WORK INSTRUCTION — Give the count of lines below that include the word "data", and say nothing else.

▼

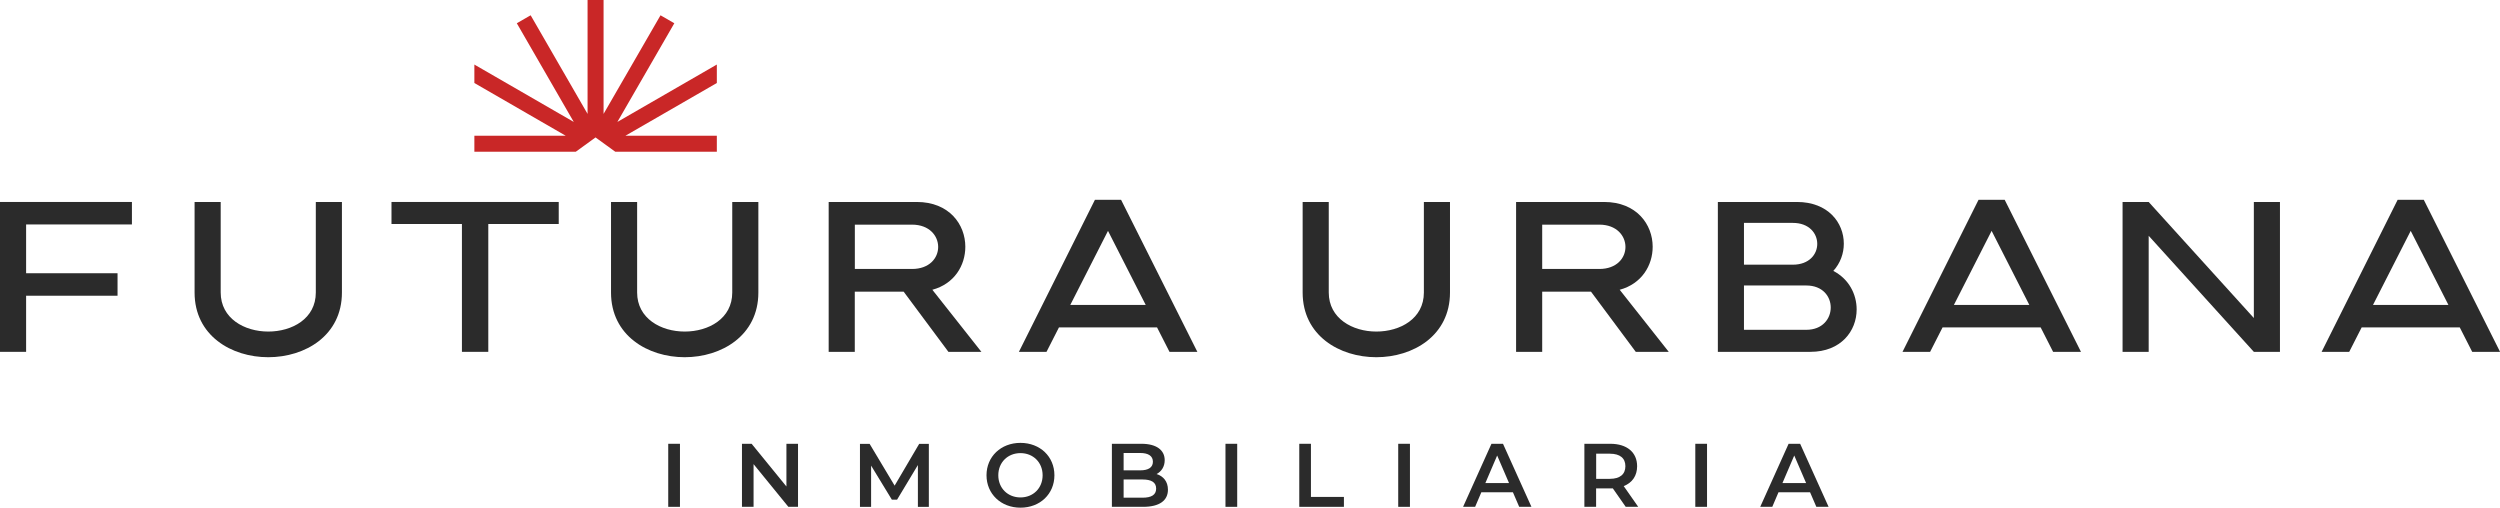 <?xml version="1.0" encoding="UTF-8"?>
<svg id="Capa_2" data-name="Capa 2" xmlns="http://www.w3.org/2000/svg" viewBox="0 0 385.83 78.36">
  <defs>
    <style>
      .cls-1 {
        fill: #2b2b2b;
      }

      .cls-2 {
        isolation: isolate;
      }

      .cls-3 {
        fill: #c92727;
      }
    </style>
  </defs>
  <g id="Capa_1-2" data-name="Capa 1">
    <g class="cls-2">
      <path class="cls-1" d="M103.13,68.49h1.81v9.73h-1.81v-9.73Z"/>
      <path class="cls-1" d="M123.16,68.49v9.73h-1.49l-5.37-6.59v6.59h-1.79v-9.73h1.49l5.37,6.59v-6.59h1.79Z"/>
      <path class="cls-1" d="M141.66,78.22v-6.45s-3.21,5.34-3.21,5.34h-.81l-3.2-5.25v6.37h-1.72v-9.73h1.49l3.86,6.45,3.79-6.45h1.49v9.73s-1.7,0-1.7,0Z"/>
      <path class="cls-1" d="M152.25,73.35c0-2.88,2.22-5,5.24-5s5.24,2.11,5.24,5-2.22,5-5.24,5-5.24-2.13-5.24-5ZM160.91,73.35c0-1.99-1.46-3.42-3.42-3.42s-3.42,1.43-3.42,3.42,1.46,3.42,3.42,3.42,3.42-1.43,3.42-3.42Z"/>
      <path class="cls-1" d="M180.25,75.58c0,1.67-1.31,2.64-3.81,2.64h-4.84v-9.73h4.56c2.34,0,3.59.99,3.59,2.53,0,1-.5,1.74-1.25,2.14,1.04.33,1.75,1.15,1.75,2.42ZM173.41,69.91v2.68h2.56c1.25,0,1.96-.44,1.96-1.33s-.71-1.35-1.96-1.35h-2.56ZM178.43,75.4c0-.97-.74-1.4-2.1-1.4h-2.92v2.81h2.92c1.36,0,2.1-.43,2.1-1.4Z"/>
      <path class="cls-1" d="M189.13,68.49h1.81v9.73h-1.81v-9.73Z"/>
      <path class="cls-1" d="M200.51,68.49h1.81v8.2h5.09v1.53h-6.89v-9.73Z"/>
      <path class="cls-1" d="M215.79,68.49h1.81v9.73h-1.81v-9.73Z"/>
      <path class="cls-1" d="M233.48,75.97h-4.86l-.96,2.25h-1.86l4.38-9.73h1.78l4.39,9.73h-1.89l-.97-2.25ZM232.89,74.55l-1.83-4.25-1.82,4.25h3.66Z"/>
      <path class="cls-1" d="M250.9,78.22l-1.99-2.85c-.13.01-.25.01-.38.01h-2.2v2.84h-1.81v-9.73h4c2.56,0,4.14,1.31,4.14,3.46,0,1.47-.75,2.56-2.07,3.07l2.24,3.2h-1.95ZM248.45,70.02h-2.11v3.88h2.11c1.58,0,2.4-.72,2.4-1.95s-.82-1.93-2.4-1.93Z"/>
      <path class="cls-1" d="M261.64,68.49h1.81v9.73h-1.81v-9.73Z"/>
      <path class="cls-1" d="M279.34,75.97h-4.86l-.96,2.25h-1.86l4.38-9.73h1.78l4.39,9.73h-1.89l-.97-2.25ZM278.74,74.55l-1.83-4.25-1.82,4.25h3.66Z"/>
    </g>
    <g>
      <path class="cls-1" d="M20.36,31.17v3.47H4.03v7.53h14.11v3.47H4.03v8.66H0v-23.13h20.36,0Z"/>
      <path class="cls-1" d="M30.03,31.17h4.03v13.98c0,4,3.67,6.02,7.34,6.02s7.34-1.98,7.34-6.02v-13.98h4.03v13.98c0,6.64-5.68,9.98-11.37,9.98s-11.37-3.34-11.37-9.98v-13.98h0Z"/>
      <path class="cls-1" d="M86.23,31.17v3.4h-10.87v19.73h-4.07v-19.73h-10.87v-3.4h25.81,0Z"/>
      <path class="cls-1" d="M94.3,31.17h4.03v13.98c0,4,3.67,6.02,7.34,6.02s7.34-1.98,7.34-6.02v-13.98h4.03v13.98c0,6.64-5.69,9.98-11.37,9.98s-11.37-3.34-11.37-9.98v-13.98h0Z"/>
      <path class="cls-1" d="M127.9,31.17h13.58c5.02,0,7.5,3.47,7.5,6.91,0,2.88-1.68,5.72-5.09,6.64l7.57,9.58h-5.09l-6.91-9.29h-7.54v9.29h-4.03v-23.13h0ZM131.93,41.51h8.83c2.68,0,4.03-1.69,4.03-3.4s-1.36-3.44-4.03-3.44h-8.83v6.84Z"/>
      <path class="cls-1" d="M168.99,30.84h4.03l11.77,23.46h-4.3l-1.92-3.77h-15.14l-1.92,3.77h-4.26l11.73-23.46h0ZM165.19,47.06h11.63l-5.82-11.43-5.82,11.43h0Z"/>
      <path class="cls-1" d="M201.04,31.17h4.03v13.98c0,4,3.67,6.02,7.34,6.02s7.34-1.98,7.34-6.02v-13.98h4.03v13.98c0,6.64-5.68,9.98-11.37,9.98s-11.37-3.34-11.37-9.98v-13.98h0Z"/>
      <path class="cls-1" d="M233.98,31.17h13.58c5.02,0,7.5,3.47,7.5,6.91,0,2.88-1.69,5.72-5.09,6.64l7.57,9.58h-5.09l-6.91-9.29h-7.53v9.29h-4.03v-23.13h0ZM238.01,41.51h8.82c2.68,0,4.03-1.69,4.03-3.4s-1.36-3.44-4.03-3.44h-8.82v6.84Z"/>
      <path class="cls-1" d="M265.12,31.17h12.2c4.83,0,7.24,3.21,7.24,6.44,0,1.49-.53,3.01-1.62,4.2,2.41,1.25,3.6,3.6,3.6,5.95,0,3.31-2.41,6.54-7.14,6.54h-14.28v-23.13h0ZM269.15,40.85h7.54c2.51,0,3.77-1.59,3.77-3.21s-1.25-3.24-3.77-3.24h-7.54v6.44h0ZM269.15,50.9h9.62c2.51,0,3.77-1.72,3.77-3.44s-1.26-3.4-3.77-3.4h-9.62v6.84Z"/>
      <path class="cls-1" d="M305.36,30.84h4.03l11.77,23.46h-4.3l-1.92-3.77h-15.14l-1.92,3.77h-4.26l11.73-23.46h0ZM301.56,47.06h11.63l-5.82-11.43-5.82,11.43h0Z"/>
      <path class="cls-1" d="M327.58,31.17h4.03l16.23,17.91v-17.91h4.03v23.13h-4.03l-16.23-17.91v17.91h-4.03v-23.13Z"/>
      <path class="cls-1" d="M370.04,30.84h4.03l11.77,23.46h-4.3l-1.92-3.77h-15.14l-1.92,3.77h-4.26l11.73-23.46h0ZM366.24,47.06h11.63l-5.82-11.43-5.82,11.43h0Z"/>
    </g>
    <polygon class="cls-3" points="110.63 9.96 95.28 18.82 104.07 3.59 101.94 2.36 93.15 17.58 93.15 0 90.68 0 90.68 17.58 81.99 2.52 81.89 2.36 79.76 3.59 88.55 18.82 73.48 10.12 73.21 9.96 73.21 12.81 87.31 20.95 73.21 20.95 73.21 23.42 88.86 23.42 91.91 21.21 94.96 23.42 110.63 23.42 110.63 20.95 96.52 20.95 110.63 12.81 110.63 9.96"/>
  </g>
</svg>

▲

ANSWER TO THE EXERCISE — 2